Dianne C. Craig
About Dianne C. Craig
Dianne C. Craig is an independent director of The Toro Company (TTC), serving since 2024. She is President of Lincoln, the luxury vehicle division of Ford Motor Company, and brings deep executive experience in digital technologies, brand, channel strategy, and international operations. Age: 60; Committees: Audit and Finance; Independence affirmed by the Board .
Past Roles
| Organization | Role | Tenure | Committees/Impact |
|---|---|---|---|
| Ford Motor Company | President, Lincoln | Dec 2022–present | Brand, digital technologies, international operations impact |
| Ford Motor Company | President, International Markets, Thailand | Jan 2021–Nov 2022 | International market leadership |
| FordDirect | Chief Executive Officer | Jun 2018–Dec 2020 | Digital channel strategy; dealer relationships |
| Ford Motor Company | Executive Director, U.S. Sales | Dec 2016–May 2018 | U.S. sales leadership |
| Ford Motor Company of Canada | Chief Executive Officer | Nov 2011–Nov 2016 | Country leadership; channel strategy |
External Roles
| Organization | Current Role | Tenure | Notes |
|---|---|---|---|
| Ford Motor Company | President, Lincoln | Dec 2022–present | No current public company directorships |
Board Governance
- Independence: The Board determined Craig is independent; Olson (CEO) is not .
- Committees: Audit (member) and Finance (member). Audit met 10 times in FY2024; Finance met 2 times; both held executive sessions .
- Attendance: The Board held six meetings in FY2024; each incumbent director attended at least 75% of Board and committee meetings on which they served. Non‑employee directors met in executive session at each regular Board meeting .

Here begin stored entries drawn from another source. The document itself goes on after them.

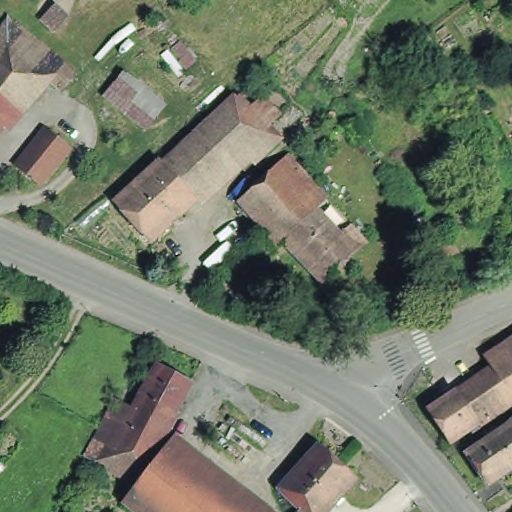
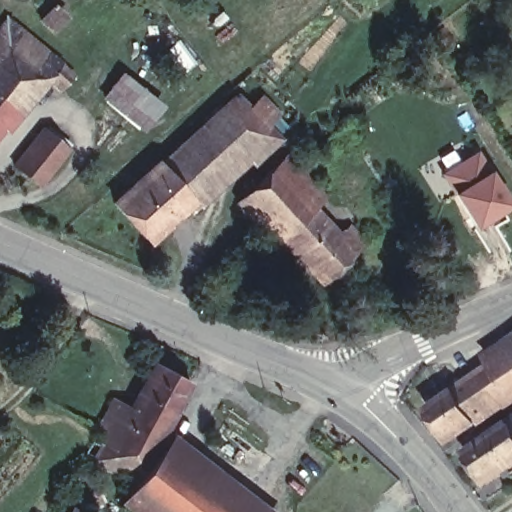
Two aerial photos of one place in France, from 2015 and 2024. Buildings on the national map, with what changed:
unchanged [(0,39),(9,28),(51,64),(75,84),(66,95),(48,80),(3,133),(0,130),(0,39)]
unchanged [(166,104),(144,135),(103,95),(123,68),(166,104)]
unchanged [(241,150),(239,149),(236,151),(208,120),(237,93),(249,105),(260,94),(278,112),(267,123),(278,134),(261,152),(251,161),(241,150)]
unchanged [(114,200),(158,160),(161,163),(176,149),(208,120),(236,151),(204,180),(189,194),(191,197),(147,237),(114,200)]
unchanged [(18,162),(48,127),(72,147),(41,183),(18,162)]
unchanged [(0,137),(0,130),(3,133),(0,137)]
new [(512,195),(512,207),(479,231),(440,169),(477,147),(512,195)]
unchanged [(352,229),(368,245),(357,255),(327,284),(283,238),(260,213),(254,218),(242,204),(245,198),(276,169),(289,158),(329,200),(323,206),(319,202),(313,208),(341,239),(352,229)]
unchanged [(422,251),(448,240),(453,253),(430,263),(428,264),(424,257),(422,251)]
unchanged [(495,366),(512,354),(512,398),(480,420),(459,390),(495,366)]
unchanged [(96,466),(92,463),(113,424),(124,431),(133,413),(157,368),(188,384),(164,430),(154,448),(135,487),(96,466)]
unchanged [(480,420),(453,438),(432,408),(459,389),(459,390),(480,420)]
unchanged [(494,486),(474,457),(512,430),(512,473),(494,486)]
demolished [(278,484),(317,443),(334,459),(296,501),(278,484)]
unchanged [(153,512),(131,495),(163,453),(188,473),(158,512),(153,512)]
demolished [(334,459),(352,476),(319,512),(308,512),(299,504),(296,501),(334,459)]
unchanged [(158,512),(188,473),(240,512),(158,512)]
demolished [(308,512),(292,512),(299,504),(308,512)]

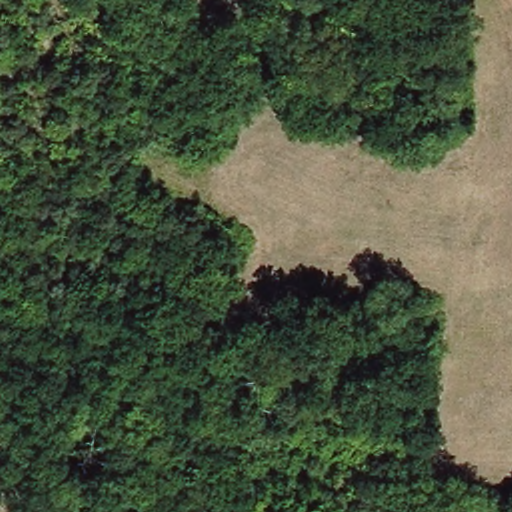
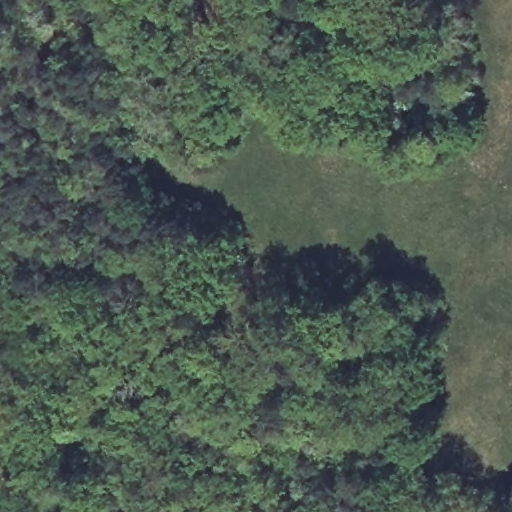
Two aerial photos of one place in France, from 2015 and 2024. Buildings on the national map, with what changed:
[]

- Term and class: Continuing member with current term ending at the 2026 Annual Meeting .
Fixed Compensation
| Component | TTC Program Amount (FY2024) | Craig FY2024 Actual | Notes |
|---|---|---|---|
| Board annual retainer (cash) | $95,000 | $95,076 (Fees Earned) | Paid quarterly; directors can elect stock in lieu of cash |
| Audit Committee member retainer | $12,500 | Not broken out | Member |
| Finance Committee member retainer | $6,000 | Not broken out | Member |
| Annual stock award (fully vested) | $85,000 (FY2024); increased to $95,000 effective Nov 1, 2024 | $0 (none granted FY2024) | Grants occur first business day of fiscal year; Craig joined after FY2024 grant date |
| Annual stock option award | $55,000 grant value (FY2024) | $0 (none granted FY2024) | FY2024 grant date Nov 1, 2023 |
| Total director compensation (FY2024) | N/A | $95,076 |
Additional alignment: Craig elected to convert some or all calendar 2024 cash retainers into 1,429 shares at $86.36 on Dec 16, 2024 .
Performance Compensation
Non‑employee director pay has no performance metrics; structure is fixed retainers plus equity to align with shareholders .

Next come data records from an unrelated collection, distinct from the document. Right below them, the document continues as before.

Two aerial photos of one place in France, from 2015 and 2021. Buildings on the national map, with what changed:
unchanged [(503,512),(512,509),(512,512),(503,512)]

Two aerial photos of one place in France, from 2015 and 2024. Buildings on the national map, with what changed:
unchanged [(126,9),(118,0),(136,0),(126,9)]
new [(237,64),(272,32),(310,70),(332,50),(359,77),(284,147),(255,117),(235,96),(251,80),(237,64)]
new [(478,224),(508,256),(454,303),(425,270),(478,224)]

Vesting and terms for director options:
- Options vest in three equal annual installments; 10‑year term .
- Change‑in‑control: director options vest immediately and remain exercisable for the remaining term .
- Disability/death: unvested options vest; exercisable up to earlier of expiry or 1 year post‑cessation .

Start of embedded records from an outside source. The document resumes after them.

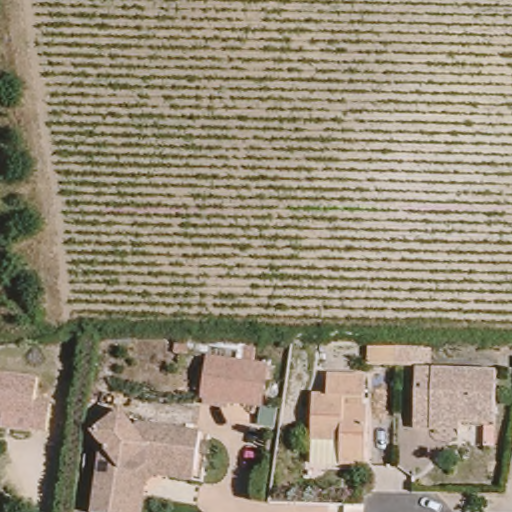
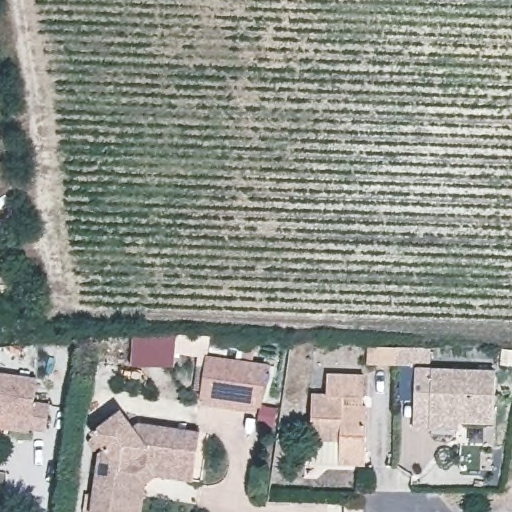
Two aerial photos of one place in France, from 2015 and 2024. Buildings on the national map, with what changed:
new [(174,339),(173,364),(133,363),(134,338),(174,339)]
unchanged [(412,362),(412,367),(399,367),(365,366),(364,349),(399,351),(422,351),(423,362),(412,362)]
unchanged [(237,363),(234,403),(200,399),(206,360),(237,363)]
unchanged [(234,403),(237,363),(266,366),(261,405),(234,403)]
unchanged [(493,370),(494,429),(412,430),(413,366),(493,370)]
unchanged [(344,445),(317,444),(317,397),(330,397),(330,374),(366,375),(367,395),(367,406),(371,406),(371,459),(370,473),(344,471),(344,458),(344,445)]
unchanged [(32,380),(28,403),(45,406),(40,433),(25,430),(26,420),(0,416),(0,375),(32,380)]
unchanged [(201,429),(195,462),(147,455),(132,466),(126,512),(87,512),(95,455),(102,448),(93,437),(122,414),(131,424),(138,418),(201,429)]
unchanged [(194,475),(153,469),(142,476),(136,512),(126,512),(132,466),(147,455),(195,462),(194,475)]

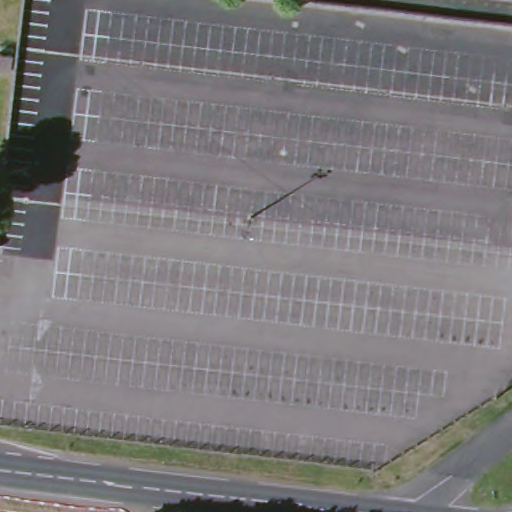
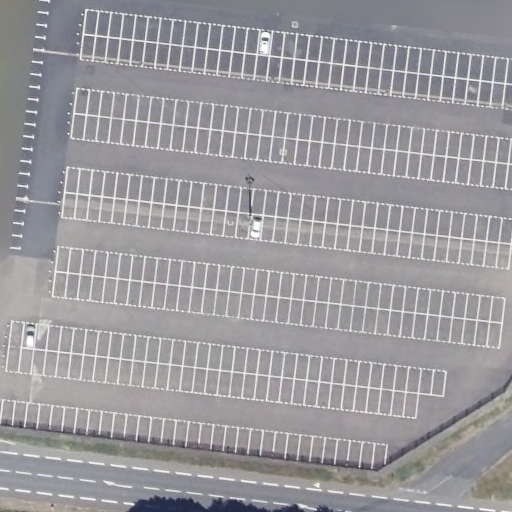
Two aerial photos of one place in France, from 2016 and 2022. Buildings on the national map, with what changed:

- Post‑termination (≥10 full fiscal years of service): unvested options continue to vest; exercisable up to 4 years (not later than expiry). <10 years: unvested expire; vested exercisable up to 3 months (not later than expiry) .
Other Directorships & Interlocks
| Item | Status |
|---|---|
| Current public company boards | None |
| Prior 5‑year public company boards | None |
| Compensation committee interlocks (Item 407(e)(4)) | None in FY2024 or prior years |
Expertise & Qualifications
- Executive leadership across CEO/President roles; strategic planning; finance; manufacturing/supply chain; distribution channels; regulatory; health & safety; international operations per Board skills matrix .
- Board profile highlights expertise in digital technologies, brand enhancements, dealer relationships, and international operations .
Equity Ownership
| As of | Beneficial Shares | Percent of Class | Stock Options (exercisable within 60 days) | Units under Deferred Plan for Directors | Notes |
|---|---|---|---|---|---|
| Jan 21, 2025 | 2,530 | <1% | 2,167 | 0 | Converted 1,429 shares from calendar 2024 cash retainers on Dec 16, 2024 |
Ownership policies:
- Director stock ownership guidelines: 5x annual board retainer; with holding requirements until guideline met (amended Jan 2024) .
- Anti‑hedging and anti‑pledging: Directors prohibited from hedging or pledging TTC securities; also prohibited from short sales and publicly traded options in TTC stock .
- Section 16(a) compliance: All directors and officers complied with filing requirements in FY2024 .
Governance Assessment
- Positive signals: Independent status; Audit and Finance committee roles with robust agendas (cybersecurity, IT security, sustainability metrics, ERM oversight; capital structure, investor relations, ESG engagement) . Share conversion of cash retainers to stock increases ownership alignment . Director stock ownership and anti‑pledging/hedging policies further align interests .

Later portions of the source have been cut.